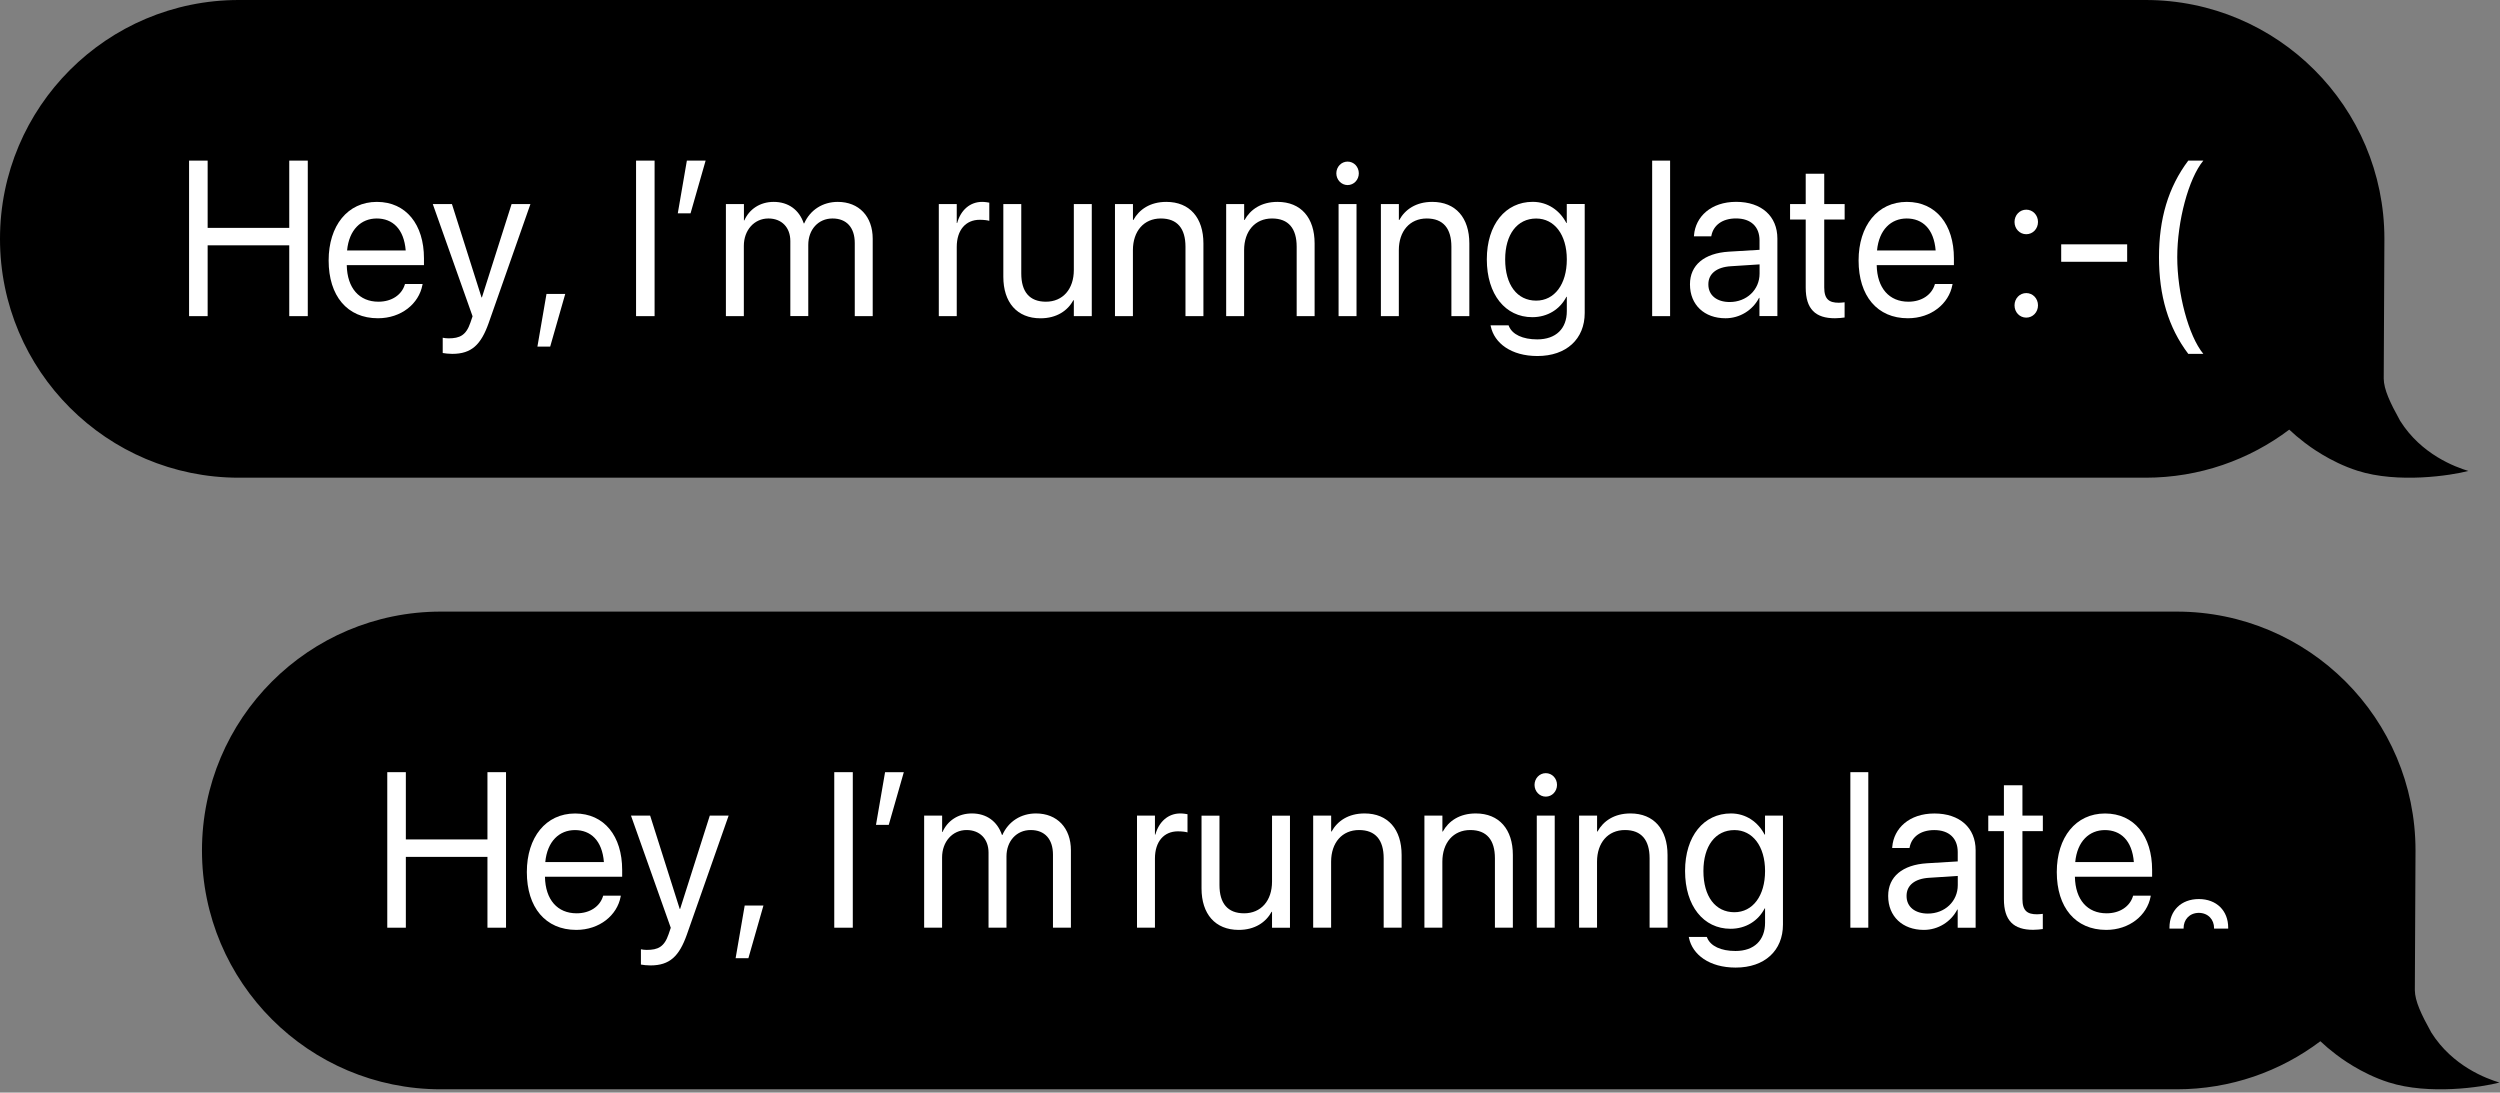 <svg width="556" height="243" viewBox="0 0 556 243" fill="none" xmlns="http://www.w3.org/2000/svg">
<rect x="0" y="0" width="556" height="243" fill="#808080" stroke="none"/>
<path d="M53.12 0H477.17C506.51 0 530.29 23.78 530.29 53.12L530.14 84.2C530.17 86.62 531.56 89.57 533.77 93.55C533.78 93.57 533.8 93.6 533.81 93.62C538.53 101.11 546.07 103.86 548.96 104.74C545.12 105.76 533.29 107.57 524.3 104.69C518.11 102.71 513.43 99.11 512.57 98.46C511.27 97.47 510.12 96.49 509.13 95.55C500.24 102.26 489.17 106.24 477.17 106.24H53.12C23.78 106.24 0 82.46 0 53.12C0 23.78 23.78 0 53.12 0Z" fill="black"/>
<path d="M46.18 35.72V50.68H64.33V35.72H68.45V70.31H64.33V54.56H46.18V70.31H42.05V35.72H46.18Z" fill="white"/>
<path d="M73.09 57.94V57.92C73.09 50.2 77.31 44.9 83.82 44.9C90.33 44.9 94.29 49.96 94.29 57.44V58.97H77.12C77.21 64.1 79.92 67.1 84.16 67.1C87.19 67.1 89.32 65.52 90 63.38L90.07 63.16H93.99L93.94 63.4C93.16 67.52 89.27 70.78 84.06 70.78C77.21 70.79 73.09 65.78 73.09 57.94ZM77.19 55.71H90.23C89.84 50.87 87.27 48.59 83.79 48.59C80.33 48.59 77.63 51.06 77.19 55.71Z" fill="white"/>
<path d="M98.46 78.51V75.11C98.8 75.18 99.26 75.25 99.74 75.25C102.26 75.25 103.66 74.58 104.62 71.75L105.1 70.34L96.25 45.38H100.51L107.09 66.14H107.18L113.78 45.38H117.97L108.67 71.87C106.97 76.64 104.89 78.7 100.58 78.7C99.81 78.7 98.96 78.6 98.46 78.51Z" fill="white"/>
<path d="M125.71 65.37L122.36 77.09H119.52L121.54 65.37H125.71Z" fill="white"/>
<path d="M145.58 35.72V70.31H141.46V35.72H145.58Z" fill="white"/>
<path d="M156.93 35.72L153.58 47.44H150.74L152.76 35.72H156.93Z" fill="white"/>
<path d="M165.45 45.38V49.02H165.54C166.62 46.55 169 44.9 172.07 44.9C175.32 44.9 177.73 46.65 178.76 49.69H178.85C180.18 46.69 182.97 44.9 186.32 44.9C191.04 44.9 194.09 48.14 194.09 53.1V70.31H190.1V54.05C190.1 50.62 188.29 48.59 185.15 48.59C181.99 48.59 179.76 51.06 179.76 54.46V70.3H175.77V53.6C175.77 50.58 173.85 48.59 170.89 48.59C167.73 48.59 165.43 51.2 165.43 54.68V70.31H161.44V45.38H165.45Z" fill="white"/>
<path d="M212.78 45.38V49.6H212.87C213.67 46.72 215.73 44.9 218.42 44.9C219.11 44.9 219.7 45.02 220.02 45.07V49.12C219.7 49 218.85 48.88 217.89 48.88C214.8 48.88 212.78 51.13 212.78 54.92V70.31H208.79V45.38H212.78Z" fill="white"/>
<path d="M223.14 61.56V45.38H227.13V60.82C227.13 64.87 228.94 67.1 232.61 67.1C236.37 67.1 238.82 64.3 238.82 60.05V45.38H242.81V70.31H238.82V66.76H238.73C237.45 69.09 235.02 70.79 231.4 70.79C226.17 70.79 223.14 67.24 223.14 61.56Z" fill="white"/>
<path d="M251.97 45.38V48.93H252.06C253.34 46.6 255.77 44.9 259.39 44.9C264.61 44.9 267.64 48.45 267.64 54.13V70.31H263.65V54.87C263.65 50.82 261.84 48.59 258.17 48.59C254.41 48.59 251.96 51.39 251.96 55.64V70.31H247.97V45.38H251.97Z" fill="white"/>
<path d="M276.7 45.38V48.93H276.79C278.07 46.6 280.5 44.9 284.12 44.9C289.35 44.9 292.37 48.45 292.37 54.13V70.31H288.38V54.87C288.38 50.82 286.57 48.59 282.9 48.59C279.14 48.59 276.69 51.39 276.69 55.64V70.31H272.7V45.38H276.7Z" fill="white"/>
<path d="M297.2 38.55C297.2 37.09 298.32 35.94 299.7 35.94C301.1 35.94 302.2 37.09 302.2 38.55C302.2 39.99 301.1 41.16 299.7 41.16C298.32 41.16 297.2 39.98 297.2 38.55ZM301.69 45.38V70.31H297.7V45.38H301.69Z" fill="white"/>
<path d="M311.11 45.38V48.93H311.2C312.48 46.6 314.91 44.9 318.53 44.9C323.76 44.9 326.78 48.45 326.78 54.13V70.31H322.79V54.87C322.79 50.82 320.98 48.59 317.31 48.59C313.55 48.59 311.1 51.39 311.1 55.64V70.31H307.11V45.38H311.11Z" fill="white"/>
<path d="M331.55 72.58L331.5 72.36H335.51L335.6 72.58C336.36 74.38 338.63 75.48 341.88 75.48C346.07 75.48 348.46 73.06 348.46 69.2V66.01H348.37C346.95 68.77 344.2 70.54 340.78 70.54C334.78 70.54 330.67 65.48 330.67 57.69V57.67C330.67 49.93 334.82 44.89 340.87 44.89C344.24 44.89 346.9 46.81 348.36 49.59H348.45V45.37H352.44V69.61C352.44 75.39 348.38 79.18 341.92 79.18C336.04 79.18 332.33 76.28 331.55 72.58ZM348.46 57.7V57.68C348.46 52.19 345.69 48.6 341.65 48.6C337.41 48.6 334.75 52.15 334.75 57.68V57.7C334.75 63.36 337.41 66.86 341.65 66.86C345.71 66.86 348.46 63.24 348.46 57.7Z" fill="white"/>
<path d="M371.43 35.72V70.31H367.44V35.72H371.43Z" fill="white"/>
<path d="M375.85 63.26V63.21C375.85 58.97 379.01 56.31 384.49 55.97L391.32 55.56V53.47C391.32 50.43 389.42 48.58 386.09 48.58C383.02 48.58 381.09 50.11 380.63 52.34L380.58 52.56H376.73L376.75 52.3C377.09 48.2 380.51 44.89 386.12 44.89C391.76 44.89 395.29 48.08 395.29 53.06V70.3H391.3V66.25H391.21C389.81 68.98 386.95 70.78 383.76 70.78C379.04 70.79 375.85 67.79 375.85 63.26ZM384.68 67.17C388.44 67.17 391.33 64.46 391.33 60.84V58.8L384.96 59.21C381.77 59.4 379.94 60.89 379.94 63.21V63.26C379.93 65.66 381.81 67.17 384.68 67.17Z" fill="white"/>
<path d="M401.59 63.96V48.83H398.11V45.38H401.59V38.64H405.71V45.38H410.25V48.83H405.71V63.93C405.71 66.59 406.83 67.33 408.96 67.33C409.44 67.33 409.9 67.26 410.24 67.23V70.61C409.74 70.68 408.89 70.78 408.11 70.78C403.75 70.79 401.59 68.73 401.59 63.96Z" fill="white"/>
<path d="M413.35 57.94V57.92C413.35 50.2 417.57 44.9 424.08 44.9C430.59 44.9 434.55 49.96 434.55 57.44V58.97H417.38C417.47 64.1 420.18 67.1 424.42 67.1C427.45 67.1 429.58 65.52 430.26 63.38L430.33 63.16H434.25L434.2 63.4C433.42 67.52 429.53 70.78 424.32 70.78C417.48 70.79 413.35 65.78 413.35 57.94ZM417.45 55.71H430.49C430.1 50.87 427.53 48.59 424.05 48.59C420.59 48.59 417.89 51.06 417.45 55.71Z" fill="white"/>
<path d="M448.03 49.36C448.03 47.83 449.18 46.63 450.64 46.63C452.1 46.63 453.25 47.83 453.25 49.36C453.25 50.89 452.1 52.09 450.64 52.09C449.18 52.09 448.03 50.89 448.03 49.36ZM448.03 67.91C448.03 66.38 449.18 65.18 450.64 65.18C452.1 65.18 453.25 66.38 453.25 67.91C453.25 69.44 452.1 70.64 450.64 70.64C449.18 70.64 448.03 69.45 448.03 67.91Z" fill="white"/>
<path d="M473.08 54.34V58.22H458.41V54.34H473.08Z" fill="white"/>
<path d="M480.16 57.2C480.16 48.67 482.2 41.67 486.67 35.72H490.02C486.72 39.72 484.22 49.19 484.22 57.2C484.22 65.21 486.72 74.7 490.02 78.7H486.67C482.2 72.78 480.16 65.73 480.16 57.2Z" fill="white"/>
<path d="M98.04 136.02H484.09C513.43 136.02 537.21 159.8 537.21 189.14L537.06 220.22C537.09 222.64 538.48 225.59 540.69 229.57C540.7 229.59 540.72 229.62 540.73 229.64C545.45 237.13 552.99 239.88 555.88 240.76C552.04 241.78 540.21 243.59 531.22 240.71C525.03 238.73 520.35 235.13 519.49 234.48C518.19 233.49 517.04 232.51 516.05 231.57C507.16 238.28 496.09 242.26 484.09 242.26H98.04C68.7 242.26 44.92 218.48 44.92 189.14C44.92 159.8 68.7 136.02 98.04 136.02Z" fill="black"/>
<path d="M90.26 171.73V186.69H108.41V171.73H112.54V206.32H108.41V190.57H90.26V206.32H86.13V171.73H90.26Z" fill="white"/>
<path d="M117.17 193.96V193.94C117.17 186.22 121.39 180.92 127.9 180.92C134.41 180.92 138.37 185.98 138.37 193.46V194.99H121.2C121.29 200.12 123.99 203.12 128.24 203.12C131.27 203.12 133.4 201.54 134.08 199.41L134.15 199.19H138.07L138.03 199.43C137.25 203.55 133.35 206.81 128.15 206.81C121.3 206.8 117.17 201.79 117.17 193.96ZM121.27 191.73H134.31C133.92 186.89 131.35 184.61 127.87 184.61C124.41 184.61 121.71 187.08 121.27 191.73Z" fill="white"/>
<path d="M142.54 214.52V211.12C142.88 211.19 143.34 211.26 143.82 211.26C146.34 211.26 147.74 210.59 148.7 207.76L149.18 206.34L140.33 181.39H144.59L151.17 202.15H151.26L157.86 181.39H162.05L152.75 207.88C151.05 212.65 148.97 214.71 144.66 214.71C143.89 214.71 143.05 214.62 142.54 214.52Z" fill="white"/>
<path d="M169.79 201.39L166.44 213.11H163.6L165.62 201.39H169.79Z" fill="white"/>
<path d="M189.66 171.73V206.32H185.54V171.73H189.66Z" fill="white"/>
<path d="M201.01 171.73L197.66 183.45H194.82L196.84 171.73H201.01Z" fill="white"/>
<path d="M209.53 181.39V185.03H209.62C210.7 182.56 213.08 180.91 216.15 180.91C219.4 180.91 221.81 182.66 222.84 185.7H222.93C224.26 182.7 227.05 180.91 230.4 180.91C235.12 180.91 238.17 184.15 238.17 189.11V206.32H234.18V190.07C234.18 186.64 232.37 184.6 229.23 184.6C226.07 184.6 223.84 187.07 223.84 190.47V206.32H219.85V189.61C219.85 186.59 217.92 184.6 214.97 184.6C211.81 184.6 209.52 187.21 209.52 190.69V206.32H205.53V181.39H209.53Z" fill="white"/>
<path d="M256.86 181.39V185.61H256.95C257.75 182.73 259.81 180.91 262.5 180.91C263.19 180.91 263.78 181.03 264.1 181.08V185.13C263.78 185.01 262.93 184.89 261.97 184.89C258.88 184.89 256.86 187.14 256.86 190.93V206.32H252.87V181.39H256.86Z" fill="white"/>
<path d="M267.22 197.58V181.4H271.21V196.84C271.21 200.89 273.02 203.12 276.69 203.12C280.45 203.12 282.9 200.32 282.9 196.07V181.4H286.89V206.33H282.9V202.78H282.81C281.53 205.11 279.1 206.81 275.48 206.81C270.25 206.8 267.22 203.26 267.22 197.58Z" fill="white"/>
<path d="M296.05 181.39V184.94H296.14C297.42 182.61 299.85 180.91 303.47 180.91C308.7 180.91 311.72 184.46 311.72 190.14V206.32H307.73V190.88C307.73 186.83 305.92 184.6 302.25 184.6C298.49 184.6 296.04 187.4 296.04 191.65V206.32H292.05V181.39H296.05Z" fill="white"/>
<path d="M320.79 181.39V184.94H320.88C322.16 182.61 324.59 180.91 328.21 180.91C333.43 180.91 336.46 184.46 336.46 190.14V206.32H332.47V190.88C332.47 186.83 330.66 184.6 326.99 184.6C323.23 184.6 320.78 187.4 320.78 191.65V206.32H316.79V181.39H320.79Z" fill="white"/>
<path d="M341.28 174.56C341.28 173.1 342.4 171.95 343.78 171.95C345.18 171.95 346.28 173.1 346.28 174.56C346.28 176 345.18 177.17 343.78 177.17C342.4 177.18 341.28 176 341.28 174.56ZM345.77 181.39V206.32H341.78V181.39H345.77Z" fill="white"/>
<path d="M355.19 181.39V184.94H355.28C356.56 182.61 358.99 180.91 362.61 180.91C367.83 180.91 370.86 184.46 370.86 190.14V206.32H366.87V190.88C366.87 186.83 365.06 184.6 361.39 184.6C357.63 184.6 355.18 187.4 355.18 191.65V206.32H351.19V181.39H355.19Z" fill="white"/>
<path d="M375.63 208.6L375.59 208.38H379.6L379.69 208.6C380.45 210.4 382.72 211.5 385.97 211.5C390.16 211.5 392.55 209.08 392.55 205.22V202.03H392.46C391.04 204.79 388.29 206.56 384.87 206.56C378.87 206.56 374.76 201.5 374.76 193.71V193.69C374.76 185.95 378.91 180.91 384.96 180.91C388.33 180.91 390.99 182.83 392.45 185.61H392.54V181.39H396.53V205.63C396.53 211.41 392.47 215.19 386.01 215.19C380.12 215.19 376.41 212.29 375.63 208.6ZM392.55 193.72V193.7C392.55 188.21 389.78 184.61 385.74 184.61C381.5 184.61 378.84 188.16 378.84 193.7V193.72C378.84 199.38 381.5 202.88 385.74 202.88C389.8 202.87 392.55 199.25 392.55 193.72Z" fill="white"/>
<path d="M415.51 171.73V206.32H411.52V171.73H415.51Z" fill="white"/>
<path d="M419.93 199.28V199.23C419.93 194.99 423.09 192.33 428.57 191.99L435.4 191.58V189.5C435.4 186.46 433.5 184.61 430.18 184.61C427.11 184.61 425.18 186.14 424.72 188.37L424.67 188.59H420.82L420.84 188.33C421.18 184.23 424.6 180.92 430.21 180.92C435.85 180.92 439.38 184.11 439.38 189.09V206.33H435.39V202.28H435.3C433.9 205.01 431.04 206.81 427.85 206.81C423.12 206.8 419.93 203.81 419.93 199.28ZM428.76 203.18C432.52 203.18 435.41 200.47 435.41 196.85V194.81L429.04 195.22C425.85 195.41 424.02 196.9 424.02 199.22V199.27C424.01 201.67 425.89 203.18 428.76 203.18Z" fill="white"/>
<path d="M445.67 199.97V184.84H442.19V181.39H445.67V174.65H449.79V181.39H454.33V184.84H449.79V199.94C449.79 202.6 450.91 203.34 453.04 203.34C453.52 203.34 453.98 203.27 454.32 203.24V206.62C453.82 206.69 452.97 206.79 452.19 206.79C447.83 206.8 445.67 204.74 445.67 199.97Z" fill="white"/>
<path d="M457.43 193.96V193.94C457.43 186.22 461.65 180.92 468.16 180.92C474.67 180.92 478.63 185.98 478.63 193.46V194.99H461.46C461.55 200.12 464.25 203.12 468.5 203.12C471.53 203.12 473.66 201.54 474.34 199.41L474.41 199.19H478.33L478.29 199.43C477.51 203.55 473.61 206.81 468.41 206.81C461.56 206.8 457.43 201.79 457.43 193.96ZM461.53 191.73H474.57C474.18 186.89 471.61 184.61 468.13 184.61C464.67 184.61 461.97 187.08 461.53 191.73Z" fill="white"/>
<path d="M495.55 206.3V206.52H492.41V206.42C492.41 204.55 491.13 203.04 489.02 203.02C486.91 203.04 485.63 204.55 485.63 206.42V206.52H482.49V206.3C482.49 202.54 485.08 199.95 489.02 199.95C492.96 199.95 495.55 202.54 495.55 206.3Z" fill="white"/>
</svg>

----------------------------------------

**TASK ITEM:** Write down again, exactly as given, only the lines above that fall from the line with "181.39V185.61H256.95C257.75 182.73 259.81" to the line with "181.39V184.94H296.14C297.42 182.61 299.85", inclusive.

**OUTPUT OF THE TASK:**
<path d="M256.86 181.39V185.61H256.95C257.75 182.73 259.81 180.91 262.5 180.91C263.19 180.91 263.78 181.03 264.1 181.08V185.13C263.78 185.01 262.93 184.89 261.97 184.89C258.88 184.89 256.86 187.14 256.86 190.93V206.32H252.87V181.39H256.86Z" fill="white"/>
<path d="M267.22 197.58V181.4H271.21V196.84C271.21 200.89 273.02 203.12 276.69 203.12C280.45 203.12 282.9 200.32 282.9 196.07V181.4H286.89V206.33H282.9V202.78H282.81C281.53 205.11 279.1 206.81 275.48 206.81C270.25 206.8 267.22 203.26 267.22 197.58Z" fill="white"/>
<path d="M296.05 181.39V184.94H296.14C297.42 182.61 299.85 180.91 303.47 180.91C308.7 180.91 311.72 184.46 311.72 190.14V206.32H307.73V190.88C307.73 186.83 305.92 184.6 302.25 184.6C298.49 184.6 296.04 187.4 296.04 191.65V206.32H292.05V181.39H296.05Z" fill="white"/>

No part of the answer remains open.